The application is premised on grounds that the interested party and the 2nd applicant are the bonafide owners of the property known as ELDORET MUNICIPALITY BLOCK 4/335 which is matrimonial property, and is being put up for auction by the 1st and 2nd respondents. That there are conflicting facts and a new suit by one PETER KIPSIGEI SANG V NCBA BANK PLC has been filed where orders for maintenance of status quo as 2nd June 2020 were issued. It is contended that the sale of the property contravened public policy, court orders and directions given by the Chief Justice, and was therefore null and void, and the auction did not sell anything so no interest was transferred in law.
2. PRAYOSHA VENTURES LTD (the 1st applicant) obtained a loan from NCBA BANK (1st defendant/respondent) which was guaranteed by SAMMY KIPKETER CHRUIYOT AND STEPHEN KIPKIYEN TARUS, and a charge was registered on the title to the property ELDORET MUNICIPALITY BLOCK 4/335. It is the applicant’s contention that in what is described as a twist of events, the property has been sold through what is challenged as an illegal auction conducted on 26th June 2020, to one PETER KIPSIGEI SANG who has now sued the bank in ELD E002 OF 2020 seeking to terminate the transaction done through the auction as no interest was transferred on the land in question.
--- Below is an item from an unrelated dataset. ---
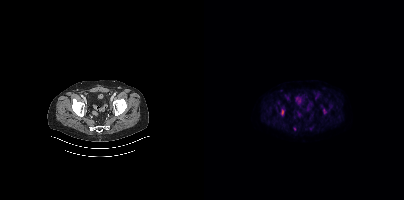
{"modality":"PSMA PET/CT","view":"axial","tracer":"18F","pet_grid":[200,200],"coord_frame":"pet_panel","coord_format":"x0,y0,x1,y1","partial":true,"lesion_bboxes":[[77,109,79,115]],"small_foci_centers":[[90,128]]}

3. It is on account of this narration of events that the applicant seeks for the said PETER KIPSIGEI SANG to be enjoined as a 3rd respondent in the suit as the applicant contends that the auction was un-procedural, and there was a causal relationship between the bank and the purchaser.
The applicant submits that it is necessary to summon the purported purchase to attend court and attest to the circumstances that surround the dealings with the bank. The said PETER KIPSIGEI SANG is also faulted for failing to conduct due diligence such as visiting the Land Registry, so he ought to be added as a party in this matter. In support of this position, the applicant cites the case of LUCY NUNGARI NGIGI & ANOR V NATIONAL BANK OF KENYA LTD & ANOR [2015] eKLR which held that where a party who is not a party to a suit is mentioned, he shall be summoned to appear by being served with a copy of the defence. Further, that such power of summoning the affected party can be exercised at any stage even after judgment, and without a party applying, as was held in the case of TANG GAS DISTRIBUTORS LTD V SAID AND OTHERS [2014] eKLR.
The court is urged to be guided by the decision in ANDY FORWARDERS SERVICE LTD & ANOR V PRICE WATERHOUSE COOPERS LTD & ANOR [2012] eKLR where the court stated that:
“A person may be enjoined not because there is a cause of action against him, but because that person’s presence is necessary to enable the court to effectually and completely adjudicate upon, and settle all questions involved in the matter.”
4. The basis of this prayer is anchored on Order 1 Rule 10 of the Civil Procedure, which empowers Courts at any stage of proceedings, either on an application by parties or suo moto, order the addition of the name of any person who ought to have been joined, whether as Plaintiff or Defendant or whose presence before Court is necessary to enable the effective and complete adjudication and settlement of all questions involved in the suit.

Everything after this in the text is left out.